Correct and most any PC shop or possible a box store should carry it:


----------



## EdmondDantes

I'd rather not spend another 30 something dollars on another product.


----------



## Masterchiefxx17

They are not really $30.

In fact here is one for $4. Gold HDTV HDMI to VGA HD15 Adapter Cable 6ft 1.8M- eForCity-Computers & Electronics-Power & Cables-Cables


----------



## EdmondDantes

Turns out the converter wasn't compatible with my television. I returned it and got a refund, and now I'm thinking of getting another one, but I need some help making sure I get the right one this time. I hope no one minds me resurrecting this thread.

Anyway, someone mentioned a VGA to HDMI adapter. If I decide to get one of these, is there any way that I can be sure that it will be compatible with my TV? By the way, mny TV Sylvania LC320SLX, and my laptop is a Compaq Presario CQ57.

I kept the HDMI cable in case I want to get another converter. The guy from Monoprice's tech support recommended this USB to HDMI converter: For only $38.92 each when QTY 50+ purchased - USB 2.0 to HDMI® Display Adapter w/ Audio (1920 x 1080) | USB to Video Converters

Do you think this would be a better bet? I'd rather not spend so much money if I don't have to.


----------



## Tyree

I would just use an adapter.
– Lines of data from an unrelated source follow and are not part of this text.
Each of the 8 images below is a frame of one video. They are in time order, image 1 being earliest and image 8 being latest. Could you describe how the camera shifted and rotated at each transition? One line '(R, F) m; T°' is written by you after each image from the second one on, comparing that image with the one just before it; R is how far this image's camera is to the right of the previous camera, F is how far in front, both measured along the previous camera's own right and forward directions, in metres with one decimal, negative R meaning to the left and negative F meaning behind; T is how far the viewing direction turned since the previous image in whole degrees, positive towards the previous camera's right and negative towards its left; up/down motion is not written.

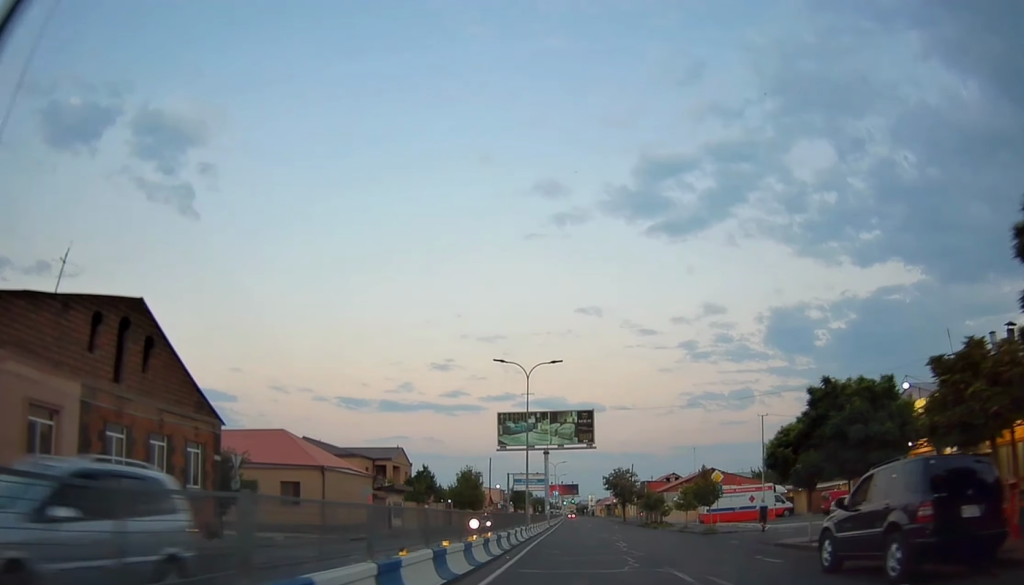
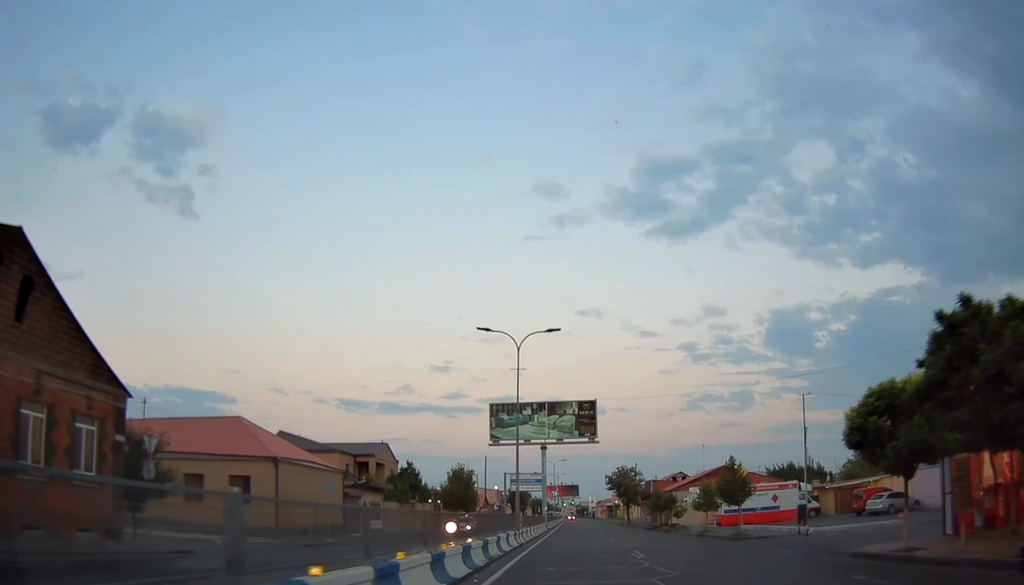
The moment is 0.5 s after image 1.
(-0.2, +6.4) m; 0°
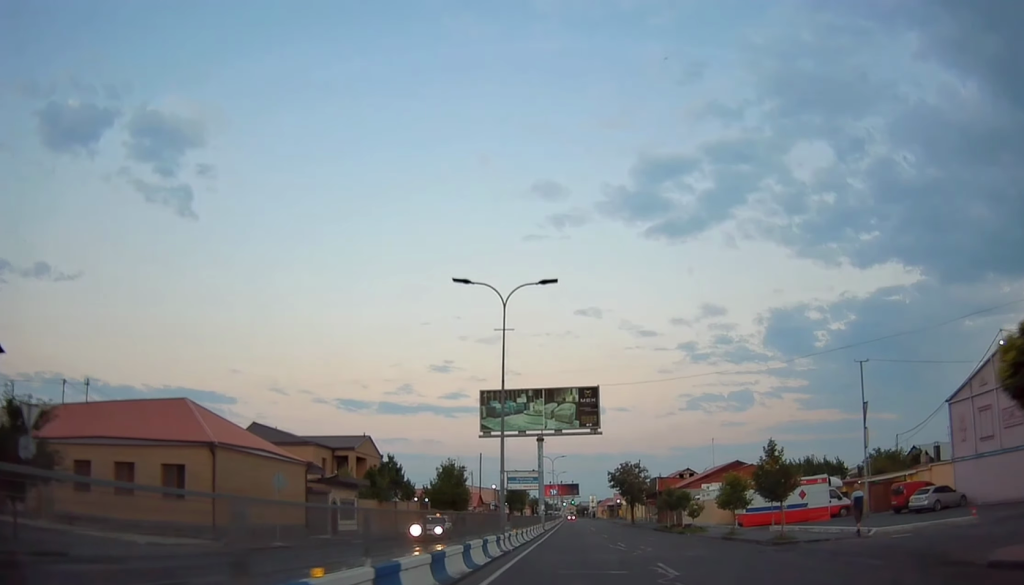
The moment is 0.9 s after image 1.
(+0.2, +6.1) m; +1°
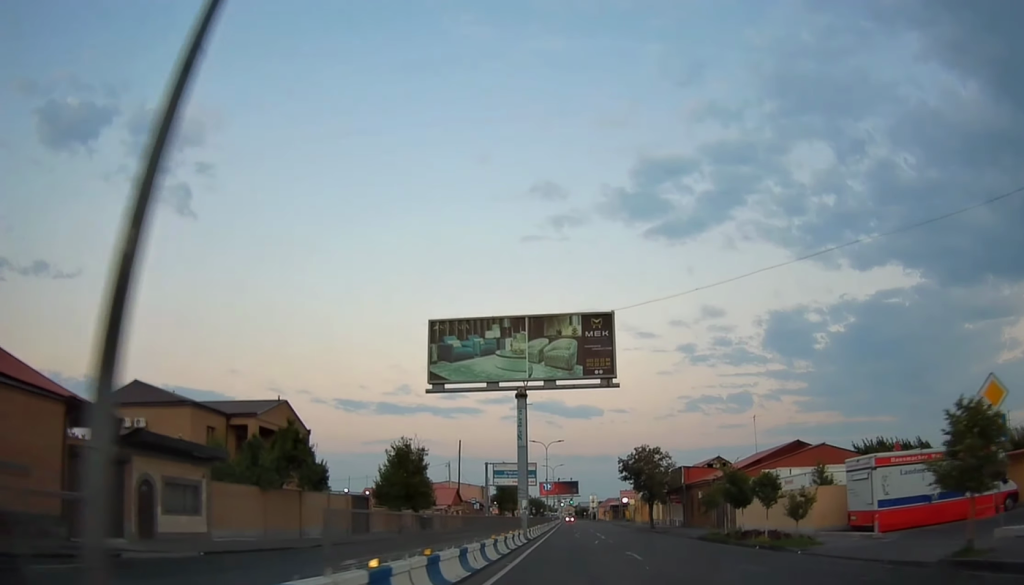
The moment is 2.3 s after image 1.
(+0.4, +18.9) m; 0°
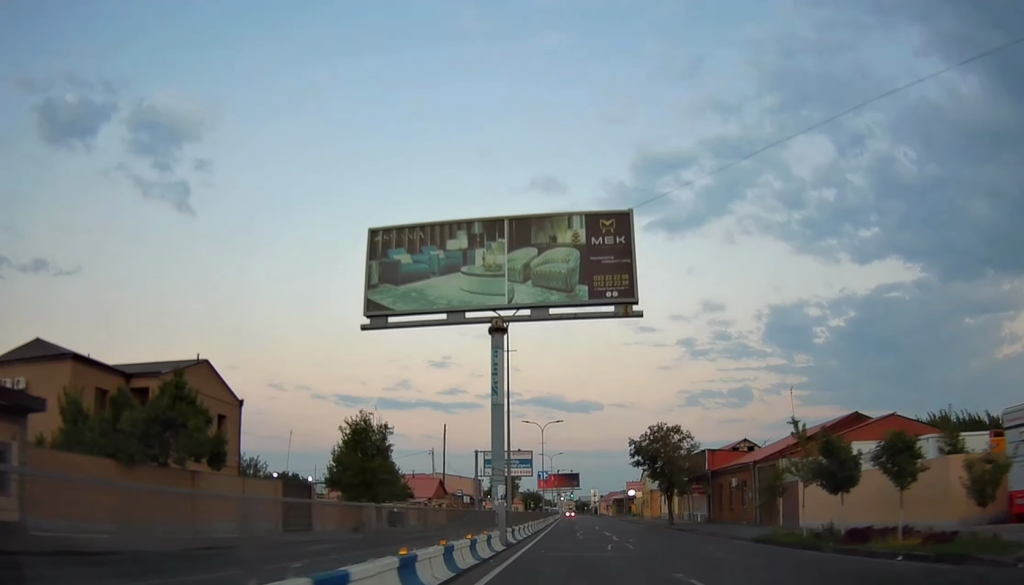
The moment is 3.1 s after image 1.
(-0.2, +10.7) m; 0°
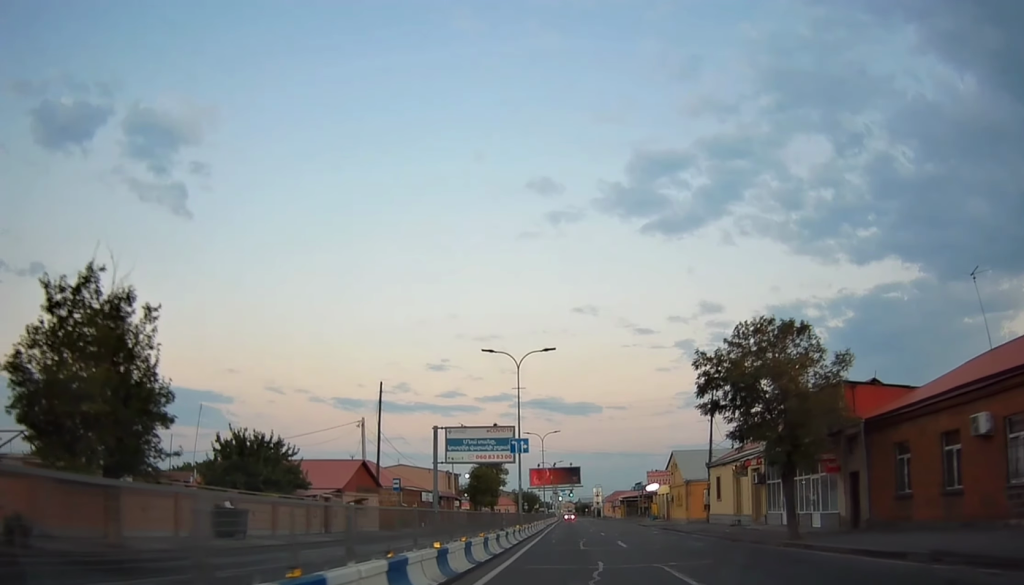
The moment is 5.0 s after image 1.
(+0.1, +27.0) m; 0°
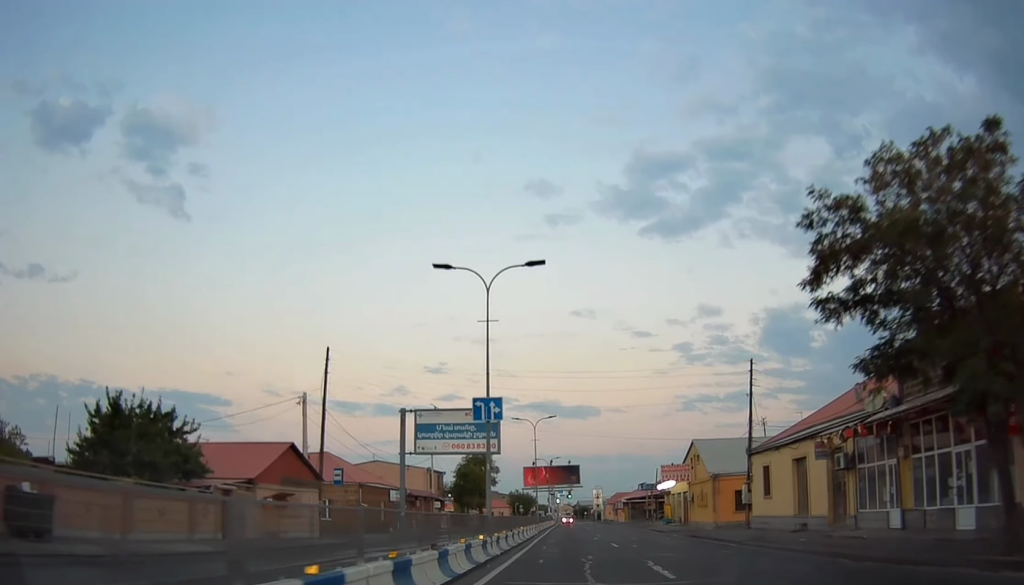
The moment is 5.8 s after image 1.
(-0.2, +12.0) m; 0°
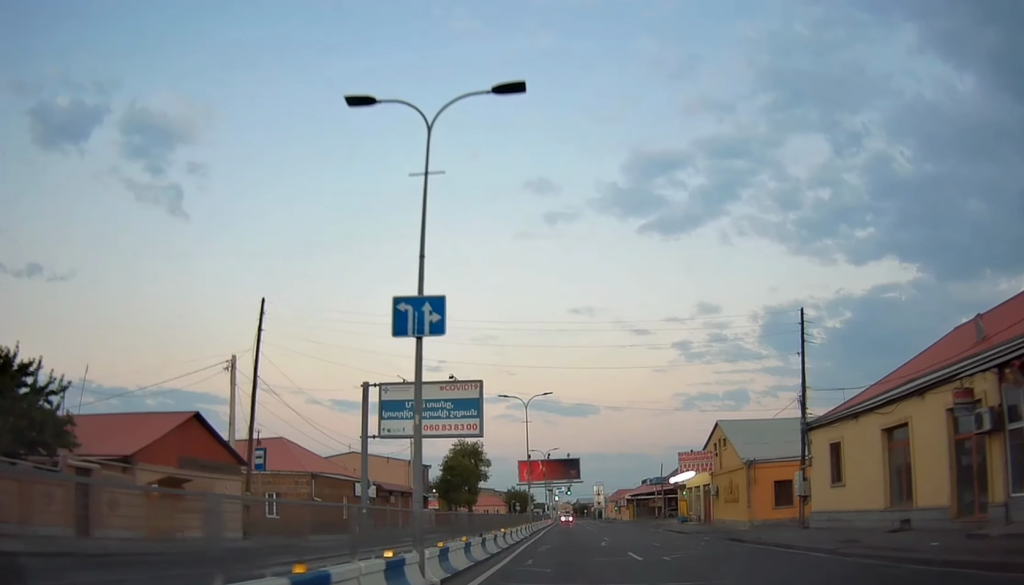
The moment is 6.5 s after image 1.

I have serious doubts a converter is going to improve picture quality.
A VGA to HDMI adapter will work if your TV has a HDMI input.


----------



## EdmondDantes

So it will work on any TV with HDMI output? Are you sure?


----------



## EdmondDantes

Sorry, but I just want to be clear because the last person who suggested the converter said that would be work, too, and I don't really know anything about what would cause it to work and not to work, so I just want to be sure.


----------



## Tyree

If the output device (PC/laptop) has a VGA output and your TV has a HDMI input the VGA to HDMI cable should give you video on the TV.


----------



## EdmondDantes

One thing, though: the VGA output on my laptop doesn't have the two little slots that you screw in, only the thing in the middle. This won't cause any problems, right?


----------



## JimE

VGA is analog. DVI/HDMI are digital. 

A simple VGA to HDMI cable will not work for most video chipsets as they don't/can't output a digital signal over the VGA port.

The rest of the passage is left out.